• [PROBLEM TO SOLVE]: Write out the records beneath this line exactly as they appear, minus any images.

Stored items from a collection
----
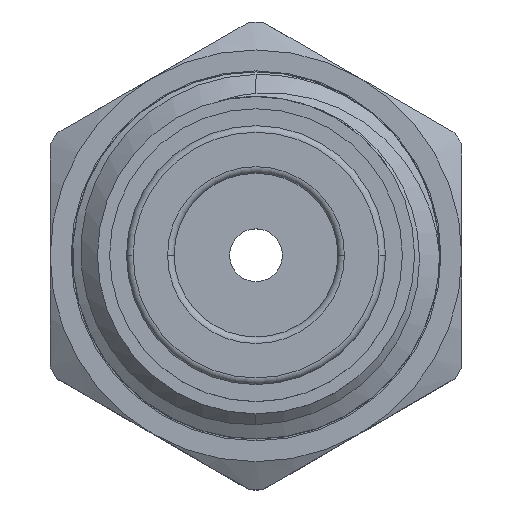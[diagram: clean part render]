
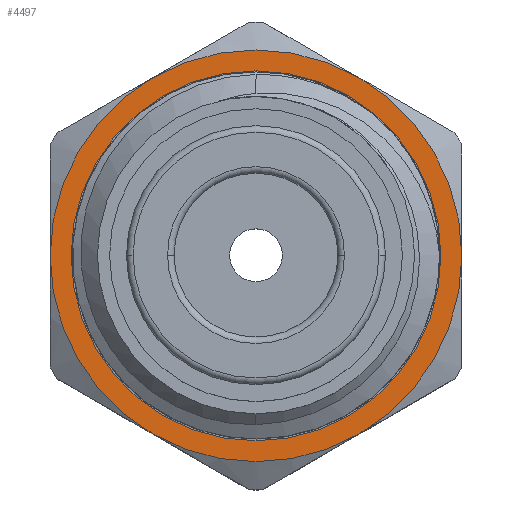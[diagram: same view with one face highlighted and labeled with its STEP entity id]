
A CAD part, top view. The second image highlights one B-rep face of the part: STEP entity #4497.
In plain terms, the highlighted planar face has unit normal (0, 0, 1).
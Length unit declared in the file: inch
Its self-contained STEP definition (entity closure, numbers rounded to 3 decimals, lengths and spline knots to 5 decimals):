
#398 = CARTESIAN_POINT ( 'NONE',  ( 0., 0., 0.93 ) ) ;
#705 = ORIENTED_EDGE ( 'NONE', *, *, #4439, .F. ) ;
#889 = DIRECTION ( 'NONE',  ( 0., -1., 0. ) ) ;
#903 = DIRECTION ( 'NONE',  ( 0., 0., -1. ) ) ;
#1030 = CIRCLE ( 'NONE', #13453, 0.3125 ) ;
#1106 = CARTESIAN_POINT ( 'NONE',  ( 0., 0., 0.93 ) ) ;
#1191 = CIRCLE ( 'NONE', #11844, 0.28075 ) ;
#1804 = ORIENTED_EDGE ( 'NONE', *, *, #4653, .T. ) ;
#1809 = AXIS2_PLACEMENT_3D ( 'NONE', #14751, #6297, #2967 ) ;
#1998 = PLANE ( 'NONE',  #5584 ) ;
#2239 = VERTEX_POINT ( 'NONE', #11697 ) ;
#2596 = VERTEX_POINT ( 'NONE', #15447 ) ;
#2690 = CARTESIAN_POINT ( 'NONE',  ( 0.15625, 0.27063, 0.93 ) ) ;
#2967 = DIRECTION ( 'NONE',  ( 0., -1., 0. ) ) ;
#3769 = EDGE_CURVE ( 'NONE', #15567, #9856, #10019, .T. ) ;
#3847 = CARTESIAN_POINT ( 'NONE',  ( 0.15625, -0.27063, 0.93 ) ) ;
#4439 = EDGE_CURVE ( 'NONE', #9856, #2239, #1030, .T. ) ;
#4497 = ADVANCED_FACE ( 'NONE', ( #6929, #10345 ), #1998, .T. ) ;
#4551 = DIRECTION ( 'NONE',  ( 0., 1., 0. ) ) ;
#4653 = EDGE_CURVE ( 'NONE', #7701, #11741, #6358, .T. ) ;
#4724 = DIRECTION ( 'NONE',  ( 0., -1., 0. ) ) ;
#4786 = EDGE_LOOP ( 'NONE', ( #11406, #1804 ) ) ;
#5210 = DIRECTION ( 'NONE',  ( 0., 0., -1. ) ) ;
#5223 = CARTESIAN_POINT ( 'NONE',  ( -0.15625, 0.27063, 0.93 ) ) ;
#5503 = DIRECTION ( 'NONE',  ( 0., -1., 0. ) ) ;
#5584 = AXIS2_PLACEMENT_3D ( 'NONE', #8320, #15514, #889 ) ;
#6297 = DIRECTION ( 'NONE',  ( 0., 0., -1. ) ) ;
#6328 = CIRCLE ( 'NONE', #7687, 0.3125 ) ;
#6358 = CIRCLE ( 'NONE', #8856, 0.28075 ) ;
#6655 = AXIS2_PLACEMENT_3D ( 'NONE', #14041, #15150, #12913 ) ;
#6929 = FACE_OUTER_BOUND ( 'NONE', #13431, .T. ) ;
#6970 = DIRECTION ( 'NONE',  ( 0., 0., -1. ) ) ;
#6979 = EDGE_CURVE ( 'NONE', #2596, #9783, #6328, .T. ) ;
#7380 = CARTESIAN_POINT ( 'NONE',  ( 0., -0.28075, 0.93 ) ) ;
#7445 = ORIENTED_EDGE ( 'NONE', *, *, #6979, .F. ) ;
#7674 = DIRECTION ( 'NONE',  ( 0., -1., 0. ) ) ;
#7687 = AXIS2_PLACEMENT_3D ( 'NONE', #8297, #9461, #15592 ) ;
#7701 = VERTEX_POINT ( 'NONE', #7380 ) ;
#8071 = DIRECTION ( 'NONE',  ( 0., 0., -1. ) ) ;
#8297 = CARTESIAN_POINT ( 'NONE',  ( 0., 0., 0.93 ) ) ;
#8320 = CARTESIAN_POINT ( 'NONE',  ( 0., 0.28075, 0.93 ) ) ;
#8345 = EDGE_CURVE ( 'NONE', #11741, #7701, #1191, .T. ) ;
#8503 = CARTESIAN_POINT ( 'NONE',  ( -0.3125, 0., 0.93 ) ) ;
#8596 = CARTESIAN_POINT ( 'NONE',  ( 0., 0.28075, 0.93 ) ) ;
#8856 = AXIS2_PLACEMENT_3D ( 'NONE', #12428, #11154, #12316 ) ;
#8888 = ORIENTED_EDGE ( 'NONE', *, *, #3769, .F. ) ;
#9413 = EDGE_CURVE ( 'NONE', #9783, #15567, #10673, .T. ) ;
#9461 = DIRECTION ( 'NONE',  ( 0., 0., -1. ) ) ;
#9783 = VERTEX_POINT ( 'NONE', #8503 ) ;
#9856 = VERTEX_POINT ( 'NONE', #2690 ) ;
#10019 = CIRCLE ( 'NONE', #1809, 0.3125 ) ;
#10345 = FACE_BOUND ( 'NONE', #4786, .T. ) ;
#10673 = CIRCLE ( 'NONE', #6655, 0.3125 ) ;
#10745 = ORIENTED_EDGE ( 'NONE', *, *, #11469, .F. ) ;
#10746 = CARTESIAN_POINT ( 'NONE',  ( 0., 0., 0.93 ) ) ;
#11154 = DIRECTION ( 'NONE',  ( 0., 0., -1. ) ) ;
#11406 = ORIENTED_EDGE ( 'NONE', *, *, #8345, .T. ) ;
#11469 = EDGE_CURVE ( 'NONE', #2239, #14551, #14846, .T. ) ;
#11697 = CARTESIAN_POINT ( 'NONE',  ( 0.3125, 0., 0.93 ) ) ;
#11741 = VERTEX_POINT ( 'NONE', #8596 ) ;
#11844 = AXIS2_PLACEMENT_3D ( 'NONE', #1106, #903, #4551 ) ;
#12316 = DIRECTION ( 'NONE',  ( 0., 1., 0. ) ) ;
#12428 = CARTESIAN_POINT ( 'NONE',  ( 0., 0., 0.93 ) ) ;
#12777 = CARTESIAN_POINT ( 'NONE',  ( 0., 0., 0.93 ) ) ;
#12913 = DIRECTION ( 'NONE',  ( -1., 0., 0. ) ) ;
#13069 = AXIS2_PLACEMENT_3D ( 'NONE', #398, #5210, #7674 ) ;
#13311 = EDGE_CURVE ( 'NONE', #14551, #2596, #13957, .T. ) ;
#13431 = EDGE_LOOP ( 'NONE', ( #7445, #15207, #10745, #705, #8888, #14881 ) ) ;
#13453 = AXIS2_PLACEMENT_3D ( 'NONE', #12777, #8071, #5503 ) ;
#13625 = AXIS2_PLACEMENT_3D ( 'NONE', #10746, #6970, #4724 ) ;
#13957 = CIRCLE ( 'NONE', #13069, 0.3125 ) ;
#14041 = CARTESIAN_POINT ( 'NONE',  ( 0., 0., 0.93 ) ) ;
#14551 = VERTEX_POINT ( 'NONE', #3847 ) ;
#14751 = CARTESIAN_POINT ( 'NONE',  ( 0., 0., 0.93 ) ) ;
#14846 = CIRCLE ( 'NONE', #13625, 0.3125 ) ;
#14881 = ORIENTED_EDGE ( 'NONE', *, *, #9413, .F. ) ;
#15150 = DIRECTION ( 'NONE',  ( 0., 0., -1. ) ) ;
#15207 = ORIENTED_EDGE ( 'NONE', *, *, #13311, .F. ) ;
#15447 = CARTESIAN_POINT ( 'NONE',  ( -0.15625, -0.27063, 0.93 ) ) ;
#15514 = DIRECTION ( 'NONE',  ( 0., 0., 1. ) ) ;
#15567 = VERTEX_POINT ( 'NONE', #5223 ) ;
#15592 = DIRECTION ( 'NONE',  ( 0., -1., 0. ) ) ;
----
• [RESULT FOR THIS TASK]:
[diagram: clean part render]
[diagram: same view with one face highlighted and labeled with its STEP entity id]
A CAD part, top view. The second image highlights one B-rep face of the part: STEP entity #4497.
In plain terms, the highlighted planar face has unit normal (0, 0, 1).
Length unit declared in the file: inch
Its self-contained STEP definition (entity closure, numbers rounded to 3 decimals, lengths and spline knots to 5 decimals):
#398 = CARTESIAN_POINT ( 'NONE',  ( 0., 0., 0.93 ) ) ;
#705 = ORIENTED_EDGE ( 'NONE', *, *, #4439, .F. ) ;
#889 = DIRECTION ( 'NONE',  ( 0., -1., 0. ) ) ;
#903 = DIRECTION ( 'NONE',  ( 0., 0., -1. ) ) ;
#1030 = CIRCLE ( 'NONE', #13453, 0.3125 ) ;
#1106 = CARTESIAN_POINT ( 'NONE',  ( 0., 0., 0.93 ) ) ;
#1191 = CIRCLE ( 'NONE', #11844, 0.28075 ) ;
#1804 = ORIENTED_EDGE ( 'NONE', *, *, #4653, .T. ) ;
#1809 = AXIS2_PLACEMENT_3D ( 'NONE', #14751, #6297, #2967 ) ;
#1998 = PLANE ( 'NONE',  #5584 ) ;
#2239 = VERTEX_POINT ( 'NONE', #11697 ) ;
#2596 = VERTEX_POINT ( 'NONE', #15447 ) ;
#2690 = CARTESIAN_POINT ( 'NONE',  ( 0.15625, 0.27063, 0.93 ) ) ;
#2967 = DIRECTION ( 'NONE',  ( 0., -1., 0. ) ) ;
#3769 = EDGE_CURVE ( 'NONE', #15567, #9856, #10019, .T. ) ;
#3847 = CARTESIAN_POINT ( 'NONE',  ( 0.15625, -0.27063, 0.93 ) ) ;
#4439 = EDGE_CURVE ( 'NONE', #9856, #2239, #1030, .T. ) ;
#4497 = ADVANCED_FACE ( 'NONE', ( #6929, #10345 ), #1998, .T. ) ;
#4551 = DIRECTION ( 'NONE',  ( 0., 1., 0. ) ) ;
#4653 = EDGE_CURVE ( 'NONE', #7701, #11741, #6358, .T. ) ;
#4724 = DIRECTION ( 'NONE',  ( 0., -1., 0. ) ) ;
#4786 = EDGE_LOOP ( 'NONE', ( #11406, #1804 ) ) ;
#5210 = DIRECTION ( 'NONE',  ( 0., 0., -1. ) ) ;
#5223 = CARTESIAN_POINT ( 'NONE',  ( -0.15625, 0.27063, 0.93 ) ) ;
#5503 = DIRECTION ( 'NONE',  ( 0., -1., 0. ) ) ;
#5584 = AXIS2_PLACEMENT_3D ( 'NONE', #8320, #15514, #889 ) ;
#6297 = DIRECTION ( 'NONE',  ( 0., 0., -1. ) ) ;
#6328 = CIRCLE ( 'NONE', #7687, 0.3125 ) ;
#6358 = CIRCLE ( 'NONE', #8856, 0.28075 ) ;
#6655 = AXIS2_PLACEMENT_3D ( 'NONE', #14041, #15150, #12913 ) ;
#6929 = FACE_OUTER_BOUND ( 'NONE', #13431, .T. ) ;
#6970 = DIRECTION ( 'NONE',  ( 0., 0., -1. ) ) ;
#6979 = EDGE_CURVE ( 'NONE', #2596, #9783, #6328, .T. ) ;
#7380 = CARTESIAN_POINT ( 'NONE',  ( 0., -0.28075, 0.93 ) ) ;
#7445 = ORIENTED_EDGE ( 'NONE', *, *, #6979, .F. ) ;
#7674 = DIRECTION ( 'NONE',  ( 0., -1., 0. ) ) ;
#7687 = AXIS2_PLACEMENT_3D ( 'NONE', #8297, #9461, #15592 ) ;
#7701 = VERTEX_POINT ( 'NONE', #7380 ) ;
#8071 = DIRECTION ( 'NONE',  ( 0., 0., -1. ) ) ;
#8297 = CARTESIAN_POINT ( 'NONE',  ( 0., 0., 0.93 ) ) ;
#8320 = CARTESIAN_POINT ( 'NONE',  ( 0., 0.28075, 0.93 ) ) ;
#8345 = EDGE_CURVE ( 'NONE', #11741, #7701, #1191, .T. ) ;
#8503 = CARTESIAN_POINT ( 'NONE',  ( -0.3125, 0., 0.93 ) ) ;
#8596 = CARTESIAN_POINT ( 'NONE',  ( 0., 0.28075, 0.93 ) ) ;
#8856 = AXIS2_PLACEMENT_3D ( 'NONE', #12428, #11154, #12316 ) ;
#8888 = ORIENTED_EDGE ( 'NONE', *, *, #3769, .F. ) ;
#9413 = EDGE_CURVE ( 'NONE', #9783, #15567, #10673, .T. ) ;
#9461 = DIRECTION ( 'NONE',  ( 0., 0., -1. ) ) ;
#9783 = VERTEX_POINT ( 'NONE', #8503 ) ;
#9856 = VERTEX_POINT ( 'NONE', #2690 ) ;
#10019 = CIRCLE ( 'NONE', #1809, 0.3125 ) ;
#10345 = FACE_BOUND ( 'NONE', #4786, .T. ) ;
#10673 = CIRCLE ( 'NONE', #6655, 0.3125 ) ;
#10745 = ORIENTED_EDGE ( 'NONE', *, *, #11469, .F. ) ;
#10746 = CARTESIAN_POINT ( 'NONE',  ( 0., 0., 0.93 ) ) ;
#11154 = DIRECTION ( 'NONE',  ( 0., 0., -1. ) ) ;
#11406 = ORIENTED_EDGE ( 'NONE', *, *, #8345, .T. ) ;
#11469 = EDGE_CURVE ( 'NONE', #2239, #14551, #14846, .T. ) ;
#11697 = CARTESIAN_POINT ( 'NONE',  ( 0.3125, 0., 0.93 ) ) ;
#11741 = VERTEX_POINT ( 'NONE', #8596 ) ;
#11844 = AXIS2_PLACEMENT_3D ( 'NONE', #1106, #903, #4551 ) ;
#12316 = DIRECTION ( 'NONE',  ( 0., 1., 0. ) ) ;
#12428 = CARTESIAN_POINT ( 'NONE',  ( 0., 0., 0.93 ) ) ;
#12777 = CARTESIAN_POINT ( 'NONE',  ( 0., 0., 0.93 ) ) ;
#12913 = DIRECTION ( 'NONE',  ( -1., 0., 0. ) ) ;
#13069 = AXIS2_PLACEMENT_3D ( 'NONE', #398, #5210, #7674 ) ;
#13311 = EDGE_CURVE ( 'NONE', #14551, #2596, #13957, .T. ) ;
#13431 = EDGE_LOOP ( 'NONE', ( #7445, #15207, #10745, #705, #8888, #14881 ) ) ;
#13453 = AXIS2_PLACEMENT_3D ( 'NONE', #12777, #8071, #5503 ) ;
#13625 = AXIS2_PLACEMENT_3D ( 'NONE', #10746, #6970, #4724 ) ;
#13957 = CIRCLE ( 'NONE', #13069, 0.3125 ) ;
#14041 = CARTESIAN_POINT ( 'NONE',  ( 0., 0., 0.93 ) ) ;
#14551 = VERTEX_POINT ( 'NONE', #3847 ) ;
#14751 = CARTESIAN_POINT ( 'NONE',  ( 0., 0., 0.93 ) ) ;
#14846 = CIRCLE ( 'NONE', #13625, 0.3125 ) ;
#14881 = ORIENTED_EDGE ( 'NONE', *, *, #9413, .F. ) ;
#15150 = DIRECTION ( 'NONE',  ( 0., 0., -1. ) ) ;
#15207 = ORIENTED_EDGE ( 'NONE', *, *, #13311, .F. ) ;
#15447 = CARTESIAN_POINT ( 'NONE',  ( -0.15625, -0.27063, 0.93 ) ) ;
#15514 = DIRECTION ( 'NONE',  ( 0., 0., 1. ) ) ;
#15567 = VERTEX_POINT ( 'NONE', #5223 ) ;
#15592 = DIRECTION ( 'NONE',  ( 0., -1., 0. ) ) ;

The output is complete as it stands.